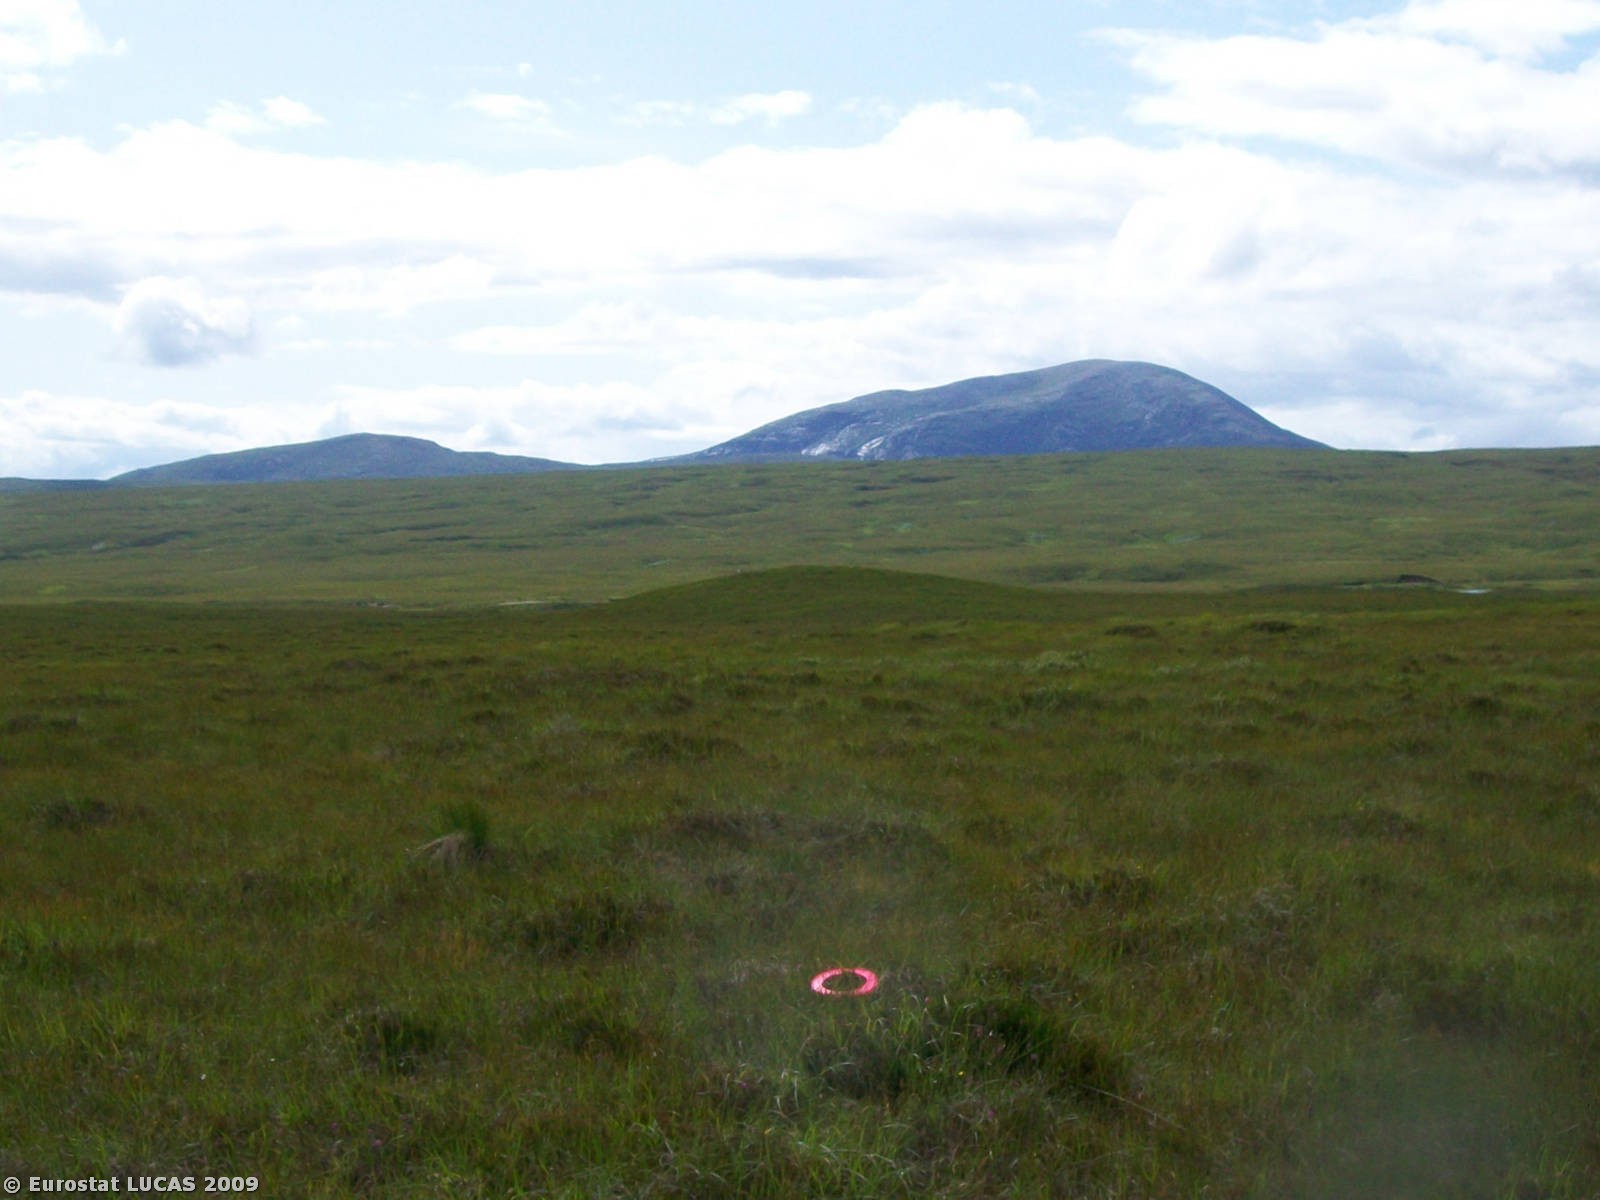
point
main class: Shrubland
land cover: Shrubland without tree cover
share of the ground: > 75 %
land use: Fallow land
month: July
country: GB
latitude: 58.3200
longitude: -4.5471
* * *
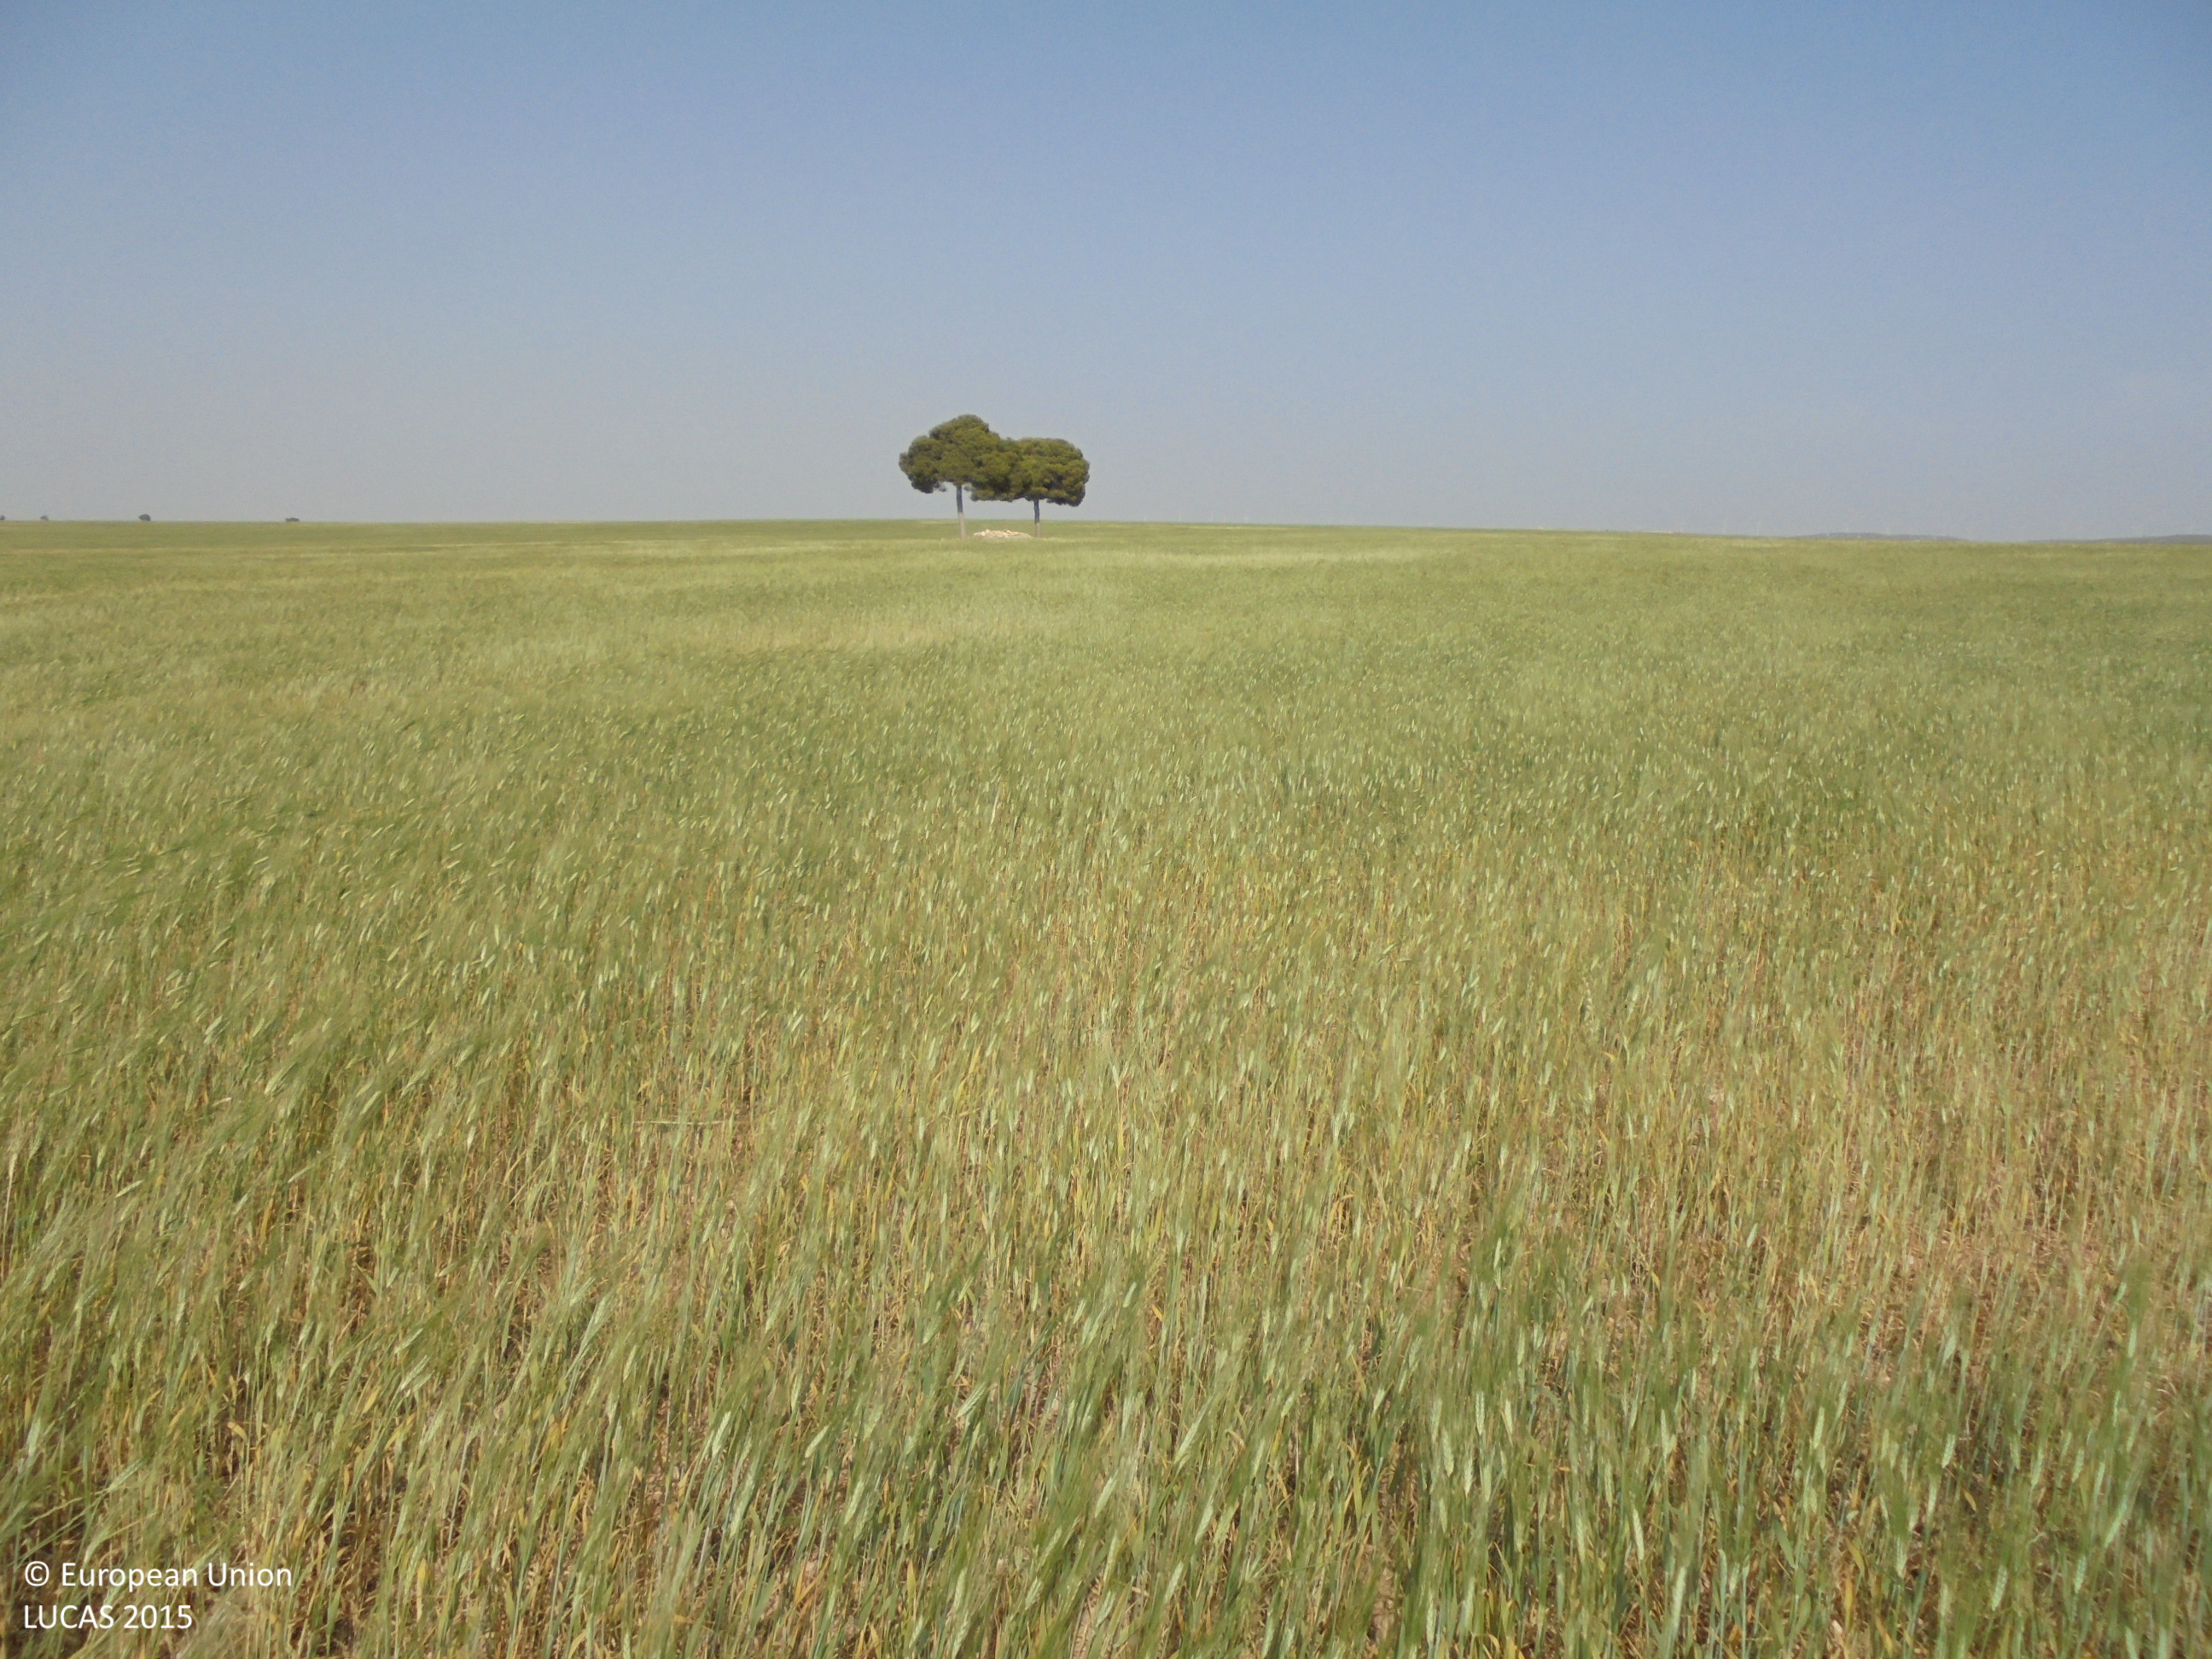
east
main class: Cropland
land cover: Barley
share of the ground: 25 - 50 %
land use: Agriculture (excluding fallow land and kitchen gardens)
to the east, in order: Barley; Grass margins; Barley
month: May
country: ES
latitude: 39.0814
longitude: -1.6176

◆ Try it: Begin at the line that has "share of the ground: 25 - 50 %" in the entries above; stop after the line that has "longitude: -1.6176". Transcribe exactly those lines and no others.

◆ Result for this exercise:
share of the ground: 25 - 50 %
land use: Agriculture (excluding fallow land and kitchen gardens)
to the east, in order: Barley; Grass margins; Barley
month: May
country: ES
latitude: 39.0814
longitude: -1.6176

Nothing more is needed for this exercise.